Le miracle de mon fils a brisé le complot le plus sombre de ma vie
Précédemment : Quand Jean a vu son fils Théo marcher pour la première fois après son terrible accident, ses larmes de joie ont rapidement laissé place à une découverte terrifiante sur son entourage proche.
Jean prit une profonde respiration, masquant sa colère sous un masque de résignation feinte. Il prit le stylo, faisant semblant de relire les documents de vente. En réalité, il venait d'activer discrètement un signal d'alarme sur son téléphone, relié directement à un ami commissaire de police qu'il avait prévenu par message à la minute même où Mégane lui avait montré les preuves. Il devait gagner du temps pour que les forces de l'ordre prennent Clémence et ses complices sur le fait.
La fin du masque
« Es-tu sûre que c'est la seule solution pour notre fils, Clémence ? » demanda Jean d'une voix feutrée. Clémence, croyant son plan sur le point de réussir, s'impatienta : « Mais bien sûr, Jean ! Ne perds pas de temps, signe ! Tu veux qu'il reste infirme toute sa vie ? » C'est à cet instant précis que la porte du salon s'ouvrit lentement. Théo entra dans la pièce. Mais il n'était pas dans son fauteuil roulant. Il marchait, debout, soutenu seulement par ses petites cannes bleues, un regard plein de reproche fixé sur sa belle-mère.
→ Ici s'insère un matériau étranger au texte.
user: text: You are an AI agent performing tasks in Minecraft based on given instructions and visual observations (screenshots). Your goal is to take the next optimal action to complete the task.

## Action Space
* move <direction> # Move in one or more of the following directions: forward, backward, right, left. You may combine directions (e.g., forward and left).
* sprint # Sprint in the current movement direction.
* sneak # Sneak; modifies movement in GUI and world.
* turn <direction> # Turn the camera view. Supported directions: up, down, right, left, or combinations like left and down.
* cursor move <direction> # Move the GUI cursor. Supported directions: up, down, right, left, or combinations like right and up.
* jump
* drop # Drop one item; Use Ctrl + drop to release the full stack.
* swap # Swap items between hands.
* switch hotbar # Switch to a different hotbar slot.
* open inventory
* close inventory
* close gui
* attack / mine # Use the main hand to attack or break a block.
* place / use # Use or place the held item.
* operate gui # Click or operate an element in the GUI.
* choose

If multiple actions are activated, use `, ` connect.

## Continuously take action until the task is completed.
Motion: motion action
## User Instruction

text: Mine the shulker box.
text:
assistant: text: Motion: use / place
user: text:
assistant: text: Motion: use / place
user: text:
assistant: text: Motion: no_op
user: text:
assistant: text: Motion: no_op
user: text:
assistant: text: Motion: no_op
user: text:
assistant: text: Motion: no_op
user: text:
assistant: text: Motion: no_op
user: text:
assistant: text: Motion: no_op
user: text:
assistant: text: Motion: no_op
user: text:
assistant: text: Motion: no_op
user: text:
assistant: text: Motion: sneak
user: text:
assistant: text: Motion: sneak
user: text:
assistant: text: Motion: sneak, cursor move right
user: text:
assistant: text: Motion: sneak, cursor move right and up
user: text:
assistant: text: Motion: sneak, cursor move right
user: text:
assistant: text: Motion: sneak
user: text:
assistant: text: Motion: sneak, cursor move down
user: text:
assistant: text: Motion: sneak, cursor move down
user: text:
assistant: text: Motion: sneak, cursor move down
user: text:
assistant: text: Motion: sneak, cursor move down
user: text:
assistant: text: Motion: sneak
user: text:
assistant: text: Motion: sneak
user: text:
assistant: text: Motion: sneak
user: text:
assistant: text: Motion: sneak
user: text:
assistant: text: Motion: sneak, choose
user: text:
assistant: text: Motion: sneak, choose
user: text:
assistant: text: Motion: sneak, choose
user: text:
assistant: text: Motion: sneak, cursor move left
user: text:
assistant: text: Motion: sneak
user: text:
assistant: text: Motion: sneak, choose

Le visage de Clémence se décomposa instantanément, passant du rose de l'excitation à une pâleur mortelle. Ses mains se mirent à trembler. « Mais... ce n'est pas possible... » balbutia-t-elle, terrifiée en réalisant que son mensonge venait de s'effondrer sous ses yeux. Au même moment, les sirènes de police retentirent dans l'allée, et plusieurs policiers firent irruption dans la maison, menottes aux poings.
Clémence et ses avocats complices furent immédiatement arrêtés, tout comme le docteur Lenoir quelques heures plus tard. Libéré de l'emprise des médicaments toxiques, Théo retrouva rapidement la pleine possession de ses moyens sous l'œil bienveillant de Mégane, qui était devenue bien plus qu'une simple thérapeute pour cette famille brisée. Jean comprit ce jour-là que la plus grande force d'un père est de ne jamais cesser de croire aux miracles, même quand les ombres de la trahison semblent avoir tout envahi.